Three Black men were Lynched in Kirvin, Texas for allegedly murdering a young girl. According to the United States Senate Committee on the Judiciary it was the 19th of 61 lynchings during 1922 in the United States.

Background

On May 4, 1922, on the last day of school in Kirvin, Texas, 17-year-old Eula Ausley was on her way home from school when she was grabbed from her horse, sexually assaulted and then horribly mutilated.  Her absence was noticed and a search party was sent out. They came across the body and the search party turned into a posse of 1,000 men armed with whatever weapon they had. Eula Ausley's family was in a feud with another family and the local Sheriff Horace Mayo already had two white suspects of that family in custody when the wife of McKinley "Snap" Curry told the Sheriff that he had suspiciously come home with blood on his clothes. The Sheriff changed the course of the investigation and arrested Curry. Under interrogation, he implicated two other men, Johnny Cornish (19) and Mose Jones (46).

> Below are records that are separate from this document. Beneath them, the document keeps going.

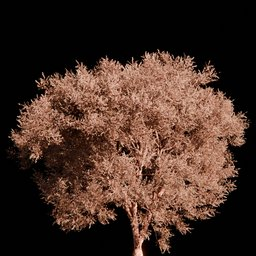
Label: nature
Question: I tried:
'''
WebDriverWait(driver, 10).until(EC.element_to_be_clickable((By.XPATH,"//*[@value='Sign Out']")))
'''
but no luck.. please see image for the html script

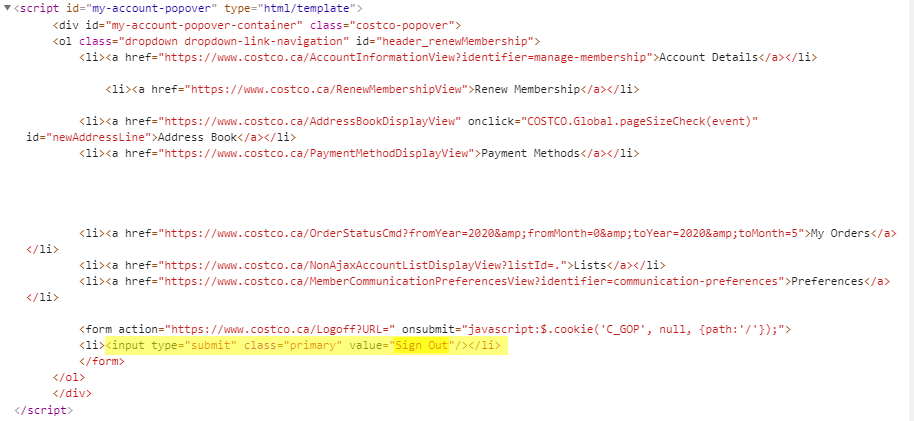
Answer: The desired element is a <URL>:
- Using 'CSS_SELECTOR' and 'click()':'''
WebDriverWait(driver, 20).until(EC.element_to_be_clickable((By.CSS_SELECTOR, "form[action*='Logoff']>li>input[value='Sign Out']"))).click()
'''
- Using 'XPATH' and 'submit()':'''
WebDriverWait(driver, 20).until(EC.element_to_be_clickable((By.XPATH, "//form[contains(@action, 'Logoff')]/li/input[@value='Sign Out']"))).submit()
'''
- : You have to add the following imports :'''
from selenium.webdriver.support.ui import WebDriverWait
from selenium.webdriver.common.by import By
from selenium.webdriver.support import expected_conditions as EC
'''

The three were arrested and held in jail.

Lynching

At midnight of May 6, the mob forced its way into the prison and dragged the three men out of the jail. The men were tortured on a lot between the old Baptist Church and the Methodist Church in Kirvin. Some reports state that they were castrated but at least two were burned alive. The victims were forced to watch as the others were tied to a plow, had wood stacked around them, doused with gasoline and lit on fire.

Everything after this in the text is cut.